LlamaRL: A Distributed Asynchronous Reinforcement Learning Framework for Efficient Large-scale LLM Training
Bo Wu, Sid Wang, Yunhao Tang, Jia Ding, Eryk Helenowski, Liang Tan, Tengyu Xu, Tushar Gowda, Zhengxing Chen, Chen Zhu, Xiaocheng Tang, Yundi Qian, Beibei Zhu, Rui Hou

TL;DR
LlamaRL is a scalable, asynchronous distributed RL framework built on PyTorch, enabling efficient large-scale LLM training with significant speed improvements over existing systems, especially for models with hundreds of billions of parameters.
Contribution
The paper introduces LlamaRL, a novel distributed asynchronous RL framework optimized for large-scale LLMs, featuring a single-controller architecture and theoretical efficiency guarantees.
Findings
Achieves up to 10.7x speed-up over DeepSpeed-Chat on 405B models.
Supports models ranging from 8B to 405B parameters.

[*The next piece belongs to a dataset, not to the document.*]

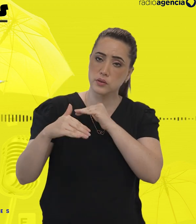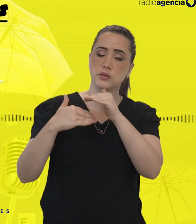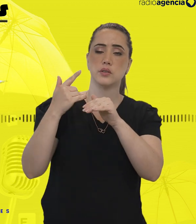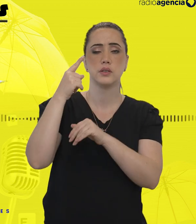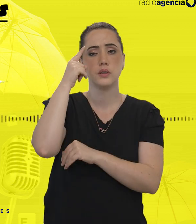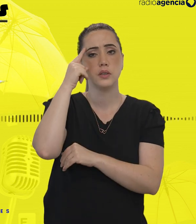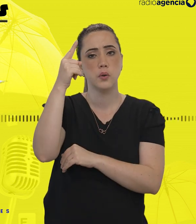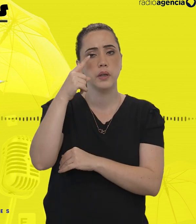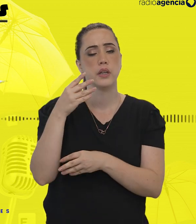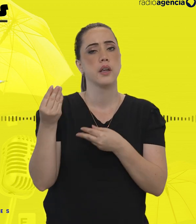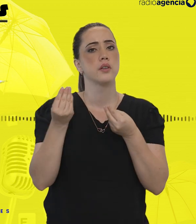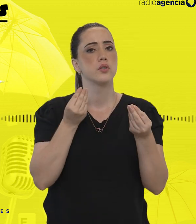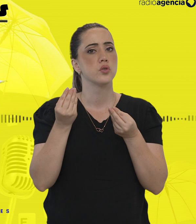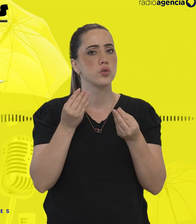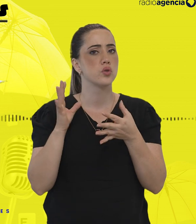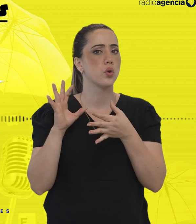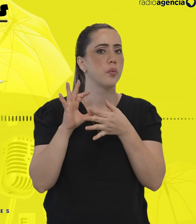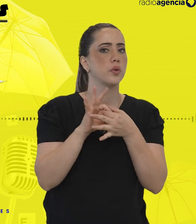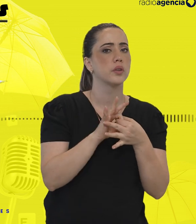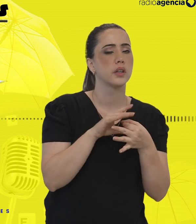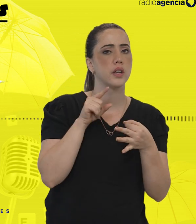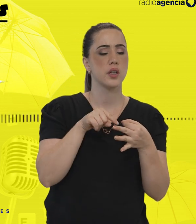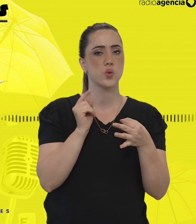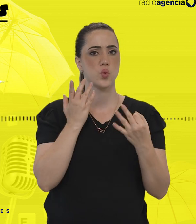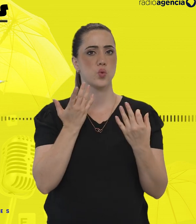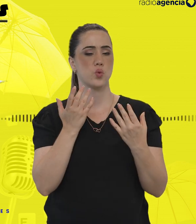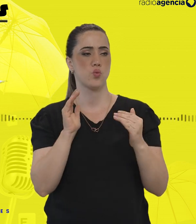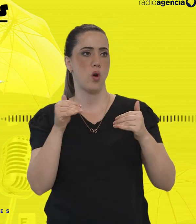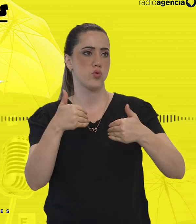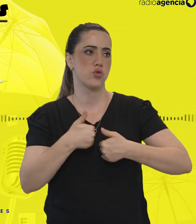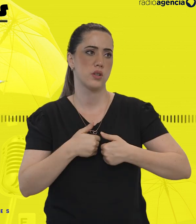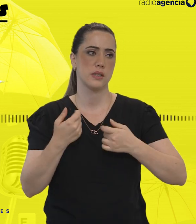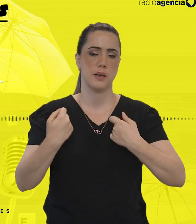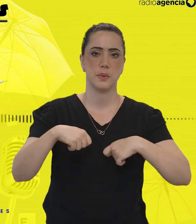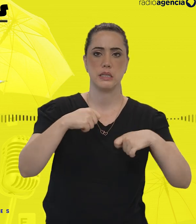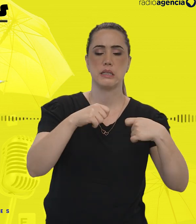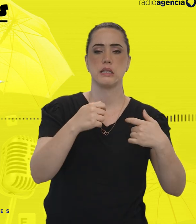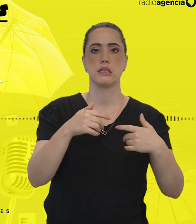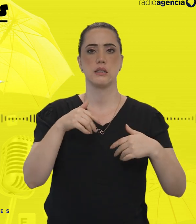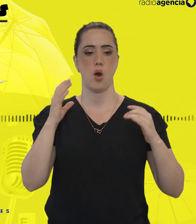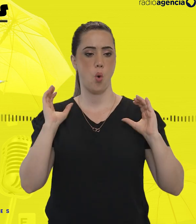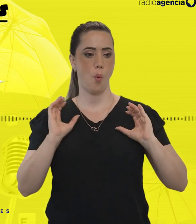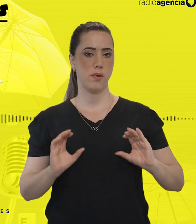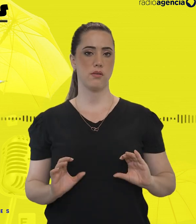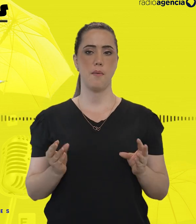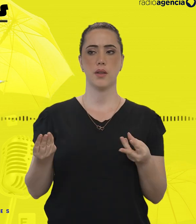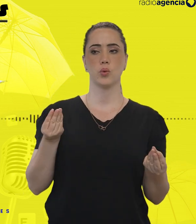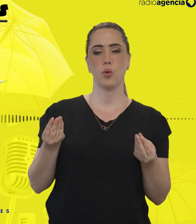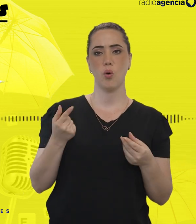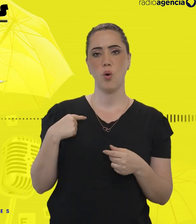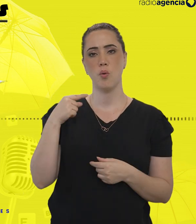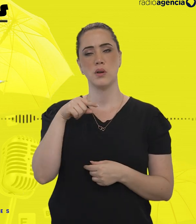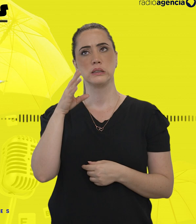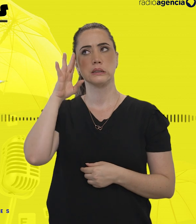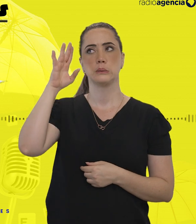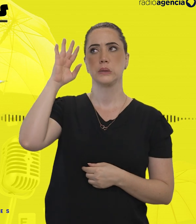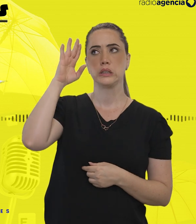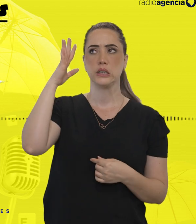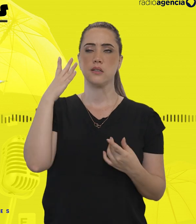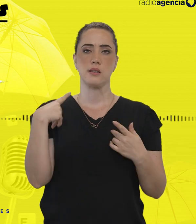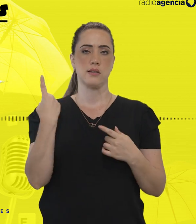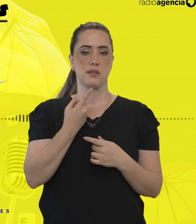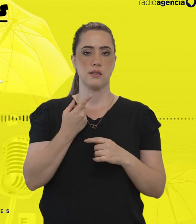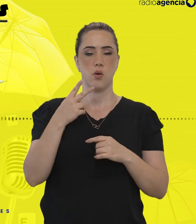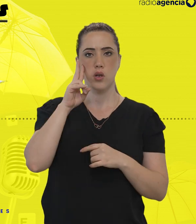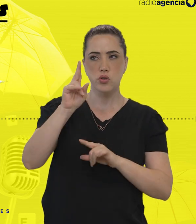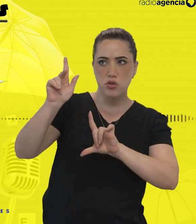ideia de como um corpo autista deve performar. A gente começa esse ideal, esse imaginário que a gente cria, a partir

Efficiency gains increase with model size.
Abstract
Reinforcement Learning (RL) has become the most effective post-training approach for improving the capabilities of Large Language Models (LLMs). In practice, because of the high demands on latency and memory, it is particularly challenging to develop an efficient RL framework that reliably manages policy models with hundreds to thousands of billions of parameters. In this paper, we present LlamaRL, a fully distributed, asynchronous RL framework optimized for efficient training of large-scale LLMs with various model sizes (8B, 70B, and 405B parameters) on GPU clusters ranging from a handful to thousands of devices. LlamaRL introduces a streamlined, single-controller architecture built entirely on native PyTorch, enabling modularity, ease of use, and seamless scalability to thousands of GPUs. We also provide a theoretical analysis of LlamaRL's efficiency, including a formal proof that…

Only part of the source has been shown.